WHAT THE EXERCISE ASKS – Starting at the top of the entries below, write out each line up to and including the one containing "#502=ORIENTED_EDGE('',*,*,#1020,.T.);". Leave the pictures out.

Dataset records
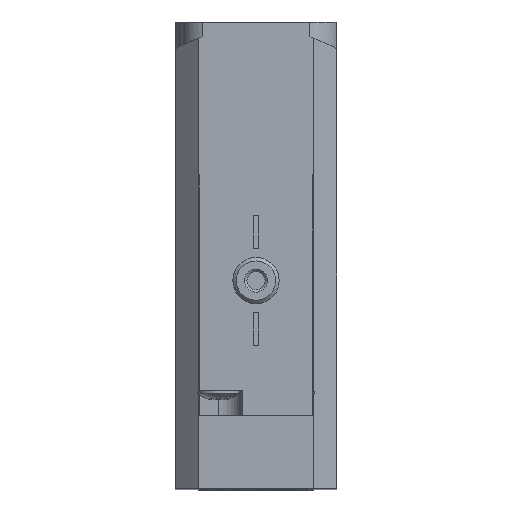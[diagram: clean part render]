
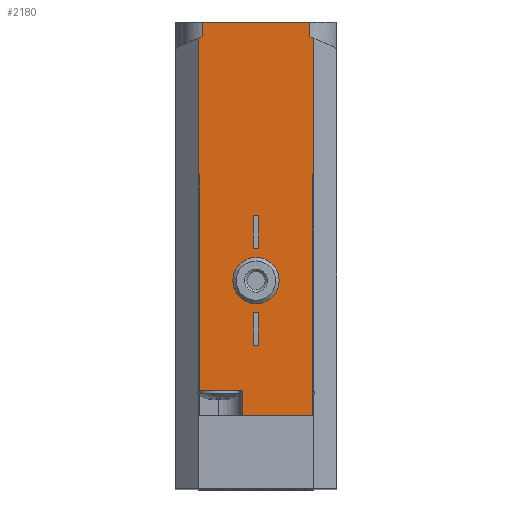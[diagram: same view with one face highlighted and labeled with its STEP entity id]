
A CAD part, top view. The second image highlights one B-rep face of the part: STEP entity #2180.
In plain terms, the highlighted face is planar.
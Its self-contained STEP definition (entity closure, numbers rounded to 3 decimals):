
#80=PLANE('',#2402);
#213=CIRCLE('',#2397,15.);
#214=CIRCLE('',#2398,15.);
#216=CIRCLE('',#2403,2.);
#497=ORIENTED_EDGE('',*,*,#992,.T.);
#498=ORIENTED_EDGE('',*,*,#1018,.T.);
#499=ORIENTED_EDGE('',*,*,#1019,.F.);
#500=ORIENTED_EDGE('',*,*,#981,.T.);
#501=ORIENTED_EDGE('',*,*,#1001,.T.);
#502=ORIENTED_EDGE('',*,*,#1020,.T.);
#503=ORIENTED_EDGE('',*,*,#1021,.F.);
#504=ORIENTED_EDGE('',*,*,#1009,.T.);
#505=ORIENTED_EDGE('',*,*,#1022,.T.);
#506=ORIENTED_EDGE('',*,*,#1023,.F.);
#507=ORIENTED_EDGE('',*,*,#1024,.F.);
#508=ORIENTED_EDGE('',*,*,#1005,.T.);
#509=ORIENTED_EDGE('',*,*,#1025,.T.);
#510=ORIENTED_EDGE('',*,*,#1026,.T.);
#511=ORIENTED_EDGE('',*,*,#1027,.T.);
#512=ORIENTED_EDGE('',*,*,#1028,.T.);
#513=ORIENTED_EDGE('',*,*,#1029,.T.);
#514=ORIENTED_EDGE('',*,*,#1030,.T.);
#515=ORIENTED_EDGE('',*,*,#1031,.T.);
#516=ORIENTED_EDGE('',*,*,#1032,.T.);
#517=ORIENTED_EDGE('',*,*,#1033,.T.);
#518=ORIENTED_EDGE('',*,*,#1034,.T.);
#519=ORIENTED_EDGE('',*,*,#1035,.F.);
#981=EDGE_CURVE('',#1256,#1257,#1408,.T.);
#992=EDGE_CURVE('',#1268,#1266,#1417,.T.);
#1001=EDGE_CURVE('',#1257,#1275,#1426,.T.);
#1005=EDGE_CURVE('',#1278,#1279,#213,.F.);
#1009=EDGE_CURVE('',#1283,#1282,#214,.F.);
#1018=EDGE_CURVE('',#1266,#1291,#1436,.T.);
#1019=EDGE_CURVE('',#1256,#1291,#1437,.T.);
#1020=EDGE_CURVE('',#1275,#1292,#1438,.T.);
#1021=EDGE_CURVE('',#1283,#1292,#1439,.T.);
#1022=EDGE_CURVE('',#1282,#1293,#1440,.T.);
#1023=EDGE_CURVE('',#1294,#1293,#1441,.T.);
#1024=EDGE_CURVE('',#1278,#1294,#1442,.T.);
#1025=EDGE_CURVE('',#1279,#1295,#1443,.T.);
#1026=EDGE_CURVE('',#1295,#1268,#1444,.T.);
#1027=EDGE_CURVE('',#1296,#1297,#1445,.T.);
#1028=EDGE_CURVE('',#1297,#1298,#1446,.T.);
#1029=EDGE_CURVE('',#1298,#1299,#1447,.T.);
#1030=EDGE_CURVE('',#1299,#1296,#1448,.T.);
#1031=EDGE_CURVE('',#1300,#1301,#1449,.T.);
#1032=EDGE_CURVE('',#1301,#1302,#1450,.T.);
#1033=EDGE_CURVE('',#1302,#1303,#1451,.T.);
#1034=EDGE_CURVE('',#1303,#1300,#1452,.T.);
#1035=EDGE_CURVE('',#1304,#1304,#216,.F.);
#1256=VERTEX_POINT('',#3607);
#1257=VERTEX_POINT('',#3608);
#1266=VERTEX_POINT('',#3628);
#1268=VERTEX_POINT('',#3631);
#1275=VERTEX_POINT('',#3647);
#1278=VERTEX_POINT('',#3656);
#1279=VERTEX_POINT('',#3657);
#1282=VERTEX_POINT('',#3671);
#1283=VERTEX_POINT('',#3673);
#1291=VERTEX_POINT('',#3703);
#1292=VERTEX_POINT('',#3706);
#1293=VERTEX_POINT('',#3709);
#1294=VERTEX_POINT('',#3711);
#1295=VERTEX_POINT('',#3714);
#1296=VERTEX_POINT('',#3717);
#1297=VERTEX_POINT('',#3718);
#1298=VERTEX_POINT('',#3720);
#1299=VERTEX_POINT('',#3722);
#1300=VERTEX_POINT('',#3725);
#1301=VERTEX_POINT('',#3726);
#1302=VERTEX_POINT('',#3728);
#1303=VERTEX_POINT('',#3730);
#1304=VERTEX_POINT('',#3733);
#1408=LINE('',#3606,#1559);
#1417=LINE('',#3630,#1568);
#1426=LINE('',#3648,#1577);
#1436=LINE('',#3702,#1587);
#1437=LINE('',#3704,#1588);
#1438=LINE('',#3705,#1589);
#1439=LINE('',#3707,#1590);
#1440=LINE('',#3708,#1591);
#1441=LINE('',#3710,#1592);
#1442=LINE('',#3712,#1593);
#1443=LINE('',#3713,#1594);
#1444=LINE('',#3715,#1595);
#1445=LINE('',#3716,#1596);
#1446=LINE('',#3719,#1597);
#1447=LINE('',#3721,#1598);
#1448=LINE('',#3723,#1599);
#1449=LINE('',#3724,#1600);
#1450=LINE('',#3727,#1601);
#1451=LINE('',#3729,#1602);
#1452=LINE('',#3731,#1603);
#1559=VECTOR('',#2776,1000.);
#1568=VECTOR('',#2791,1000.);
#1577=VECTOR('',#2802,1000.);
#1587=VECTOR('',#2826,1000.);
#1588=VECTOR('',#2827,1000.);
#1589=VECTOR('',#2828,1000.);
#1590=VECTOR('',#2829,1000.);
#1591=VECTOR('',#2830,1000.);
#1592=VECTOR('',#2831,1000.);
#1593=VECTOR('',#2832,1000.);
#1594=VECTOR('',#2833,1000.);
#1595=VECTOR('',#2834,1000.);
#1596=VECTOR('',#2835,1000.);
#1597=VECTOR('',#2836,1000.);
#1598=VECTOR('',#2837,1000.);
#1599=VECTOR('',#2838,1000.);
#1600=VECTOR('',#2839,1000.);
#1601=VECTOR('',#2840,1000.);
#1602=VECTOR('',#2841,1000.);
#1603=VECTOR('',#2842,1000.);
#1763=EDGE_LOOP('',(#497,#498,#499,#500,#501,#502,#503,#504,#505,#506,#507,
#508,#509,#510));
#1764=EDGE_LOOP('',(#511,#512,#513,#514));
#1765=EDGE_LOOP('',(#515,#516,#517,#518));
#1766=EDGE_LOOP('',(#519));
#1959=FACE_BOUND('',#1763,.T.);
#1960=FACE_BOUND('',#1764,.T.);
#1961=FACE_BOUND('',#1765,.T.);
#1962=FACE_BOUND('',#1766,.T.);
#2180=ADVANCED_FACE('',(#1959,#1960,#1961,#1962),#80,.F.);
#2397=AXIS2_PLACEMENT_3D('',#3655,#2808,#2809);
#2398=AXIS2_PLACEMENT_3D('',#3672,#2812,#2813);
#2402=AXIS2_PLACEMENT_3D('',#3701,#2824,#2825);
#2403=AXIS2_PLACEMENT_3D('',#3732,#2843,#2844);
#2776=DIRECTION('',(0.,0.,1.));
#2791=DIRECTION('',(0.,-1.,0.));
#2802=DIRECTION('',(0.,1.,0.));
#2808=DIRECTION('',(1.,0.,0.));
#2809=DIRECTION('',(0.,0.,-1.));
#2812=DIRECTION('',(1.,0.,0.));
#2813=DIRECTION('',(0.,0.,-1.));
#2824=DIRECTION('',(1.,0.,0.));
#2825=DIRECTION('',(0.,0.,-1.));
#2826=DIRECTION('',(0.,0.,1.));
#2827=DIRECTION('',(0.,1.,0.));
#2828=DIRECTION('',(0.,0.,1.));
#2829=DIRECTION('',(0.,-1.,0.));
#2830=DIRECTION('',(0.,1.,0.));
#2831=DIRECTION('',(0.,0.,1.));
#2832=DIRECTION('',(0.,1.,0.));
#2833=DIRECTION('',(0.,-1.,0.));
#2834=DIRECTION('',(0.,0.,1.));
#2835=DIRECTION('',(0.,1.,0.));
#2836=DIRECTION('',(0.,0.,1.));
#2837=DIRECTION('',(0.,-1.,0.));
#2838=DIRECTION('',(0.,0.,-1.));
#2839=DIRECTION('',(0.,1.,0.));
#2840=DIRECTION('',(0.,0.,1.));
#2841=DIRECTION('',(0.,-1.,0.));
#2842=DIRECTION('',(0.,0.,-1.));
#2843=DIRECTION('',(1.,0.,0.));
#2844=DIRECTION('',(0.,0.,-1.));
#3606=CARTESIAN_POINT('',(0.,6.3,-4.9));
#3607=CARTESIAN_POINT('',(0.,6.3,-1.15));
#3608=CARTESIAN_POINT('',(0.,6.3,4.9));
#3628=CARTESIAN_POINT('',(0.,8.4,-4.9));
#3630=CARTESIAN_POINT('',(0.,27.1,-4.9));
#3631=CARTESIAN_POINT('',(0.,27.1,-4.9));
#3647=CARTESIAN_POINT('',(0.,27.1,4.9));
#3648=CARTESIAN_POINT('',(0.,6.3,4.9));
#3655=CARTESIAN_POINT('',(0.,24.8,0.));
#3656=CARTESIAN_POINT('',(0.,39.061,-4.65));
#3657=CARTESIAN_POINT('',(0.,38.942,-5.));
#3671=CARTESIAN_POINT('',(0.,39.061,4.65));
#3672=CARTESIAN_POINT('',(0.,24.8,0.));
#3673=CARTESIAN_POINT('',(0.,38.942,5.));
#3701=CARTESIAN_POINT('',(0.,40.3,-5.));
#3702=CARTESIAN_POINT('',(0.,8.4,-5.));
#3703=CARTESIAN_POINT('',(0.,8.4,-1.15));
#3704=CARTESIAN_POINT('',(0.,6.3,-1.15));
#3705=CARTESIAN_POINT('',(0.,27.1,4.9));
#3706=CARTESIAN_POINT('',(0.,27.1,5.));
#3707=CARTESIAN_POINT('',(0.,40.3,5.));
#3708=CARTESIAN_POINT('',(0.,35.3,4.65));
#3709=CARTESIAN_POINT('',(0.,40.3,4.65));
#3710=CARTESIAN_POINT('',(0.,40.3,-4.65));
#3711=CARTESIAN_POINT('',(0.,40.3,-4.65));
#3712=CARTESIAN_POINT('',(0.,35.3,-4.65));
#3713=CARTESIAN_POINT('',(0.,40.3,-5.));
#3714=CARTESIAN_POINT('',(0.,27.1,-5.));
#3715=CARTESIAN_POINT('',(0.,27.1,-7.));
#3716=CARTESIAN_POINT('',(0.,20.75,-0.25));
#3717=CARTESIAN_POINT('',(0.,20.75,-0.25));
#3718=CARTESIAN_POINT('',(0.,23.55,-0.25));
#3719=CARTESIAN_POINT('',(0.,23.55,-0.25));
#3720=CARTESIAN_POINT('',(0.,23.55,0.25));
#3721=CARTESIAN_POINT('',(0.,23.55,0.25));
#3722=CARTESIAN_POINT('',(0.,20.75,0.25));
#3723=CARTESIAN_POINT('',(0.,20.75,0.25));
#3724=CARTESIAN_POINT('',(0.,12.35,-0.25));
#3725=CARTESIAN_POINT('',(0.,12.35,-0.25));
#3726=CARTESIAN_POINT('',(0.,15.15,-0.25));
#3727=CARTESIAN_POINT('',(0.,15.15,-0.25));
#3728=CARTESIAN_POINT('',(0.,15.15,0.25));
#3729=CARTESIAN_POINT('',(0.,15.15,0.25));
#3730=CARTESIAN_POINT('',(0.,12.35,0.25));
#3731=CARTESIAN_POINT('',(0.,12.35,0.25));
#3732=CARTESIAN_POINT('',(0.,17.95,0.));
#3733=CARTESIAN_POINT('',(0.,17.95,-2.));

ANSWER FOR THIS EXERCISE –
[diagram: clean part render]
[diagram: same view with one face highlighted and labeled with its STEP entity id]
A CAD part, top view. The second image highlights one B-rep face of the part: STEP entity #2180.
In plain terms, the highlighted face is planar.
Its self-contained STEP definition (entity closure, numbers rounded to 3 decimals):
#80=PLANE('',#2402);
#213=CIRCLE('',#2397,15.);
#214=CIRCLE('',#2398,15.);
#216=CIRCLE('',#2403,2.);
#497=ORIENTED_EDGE('',*,*,#992,.T.);
#498=ORIENTED_EDGE('',*,*,#1018,.T.);
#499=ORIENTED_EDGE('',*,*,#1019,.F.);
#500=ORIENTED_EDGE('',*,*,#981,.T.);
#501=ORIENTED_EDGE('',*,*,#1001,.T.);
#502=ORIENTED_EDGE('',*,*,#1020,.T.);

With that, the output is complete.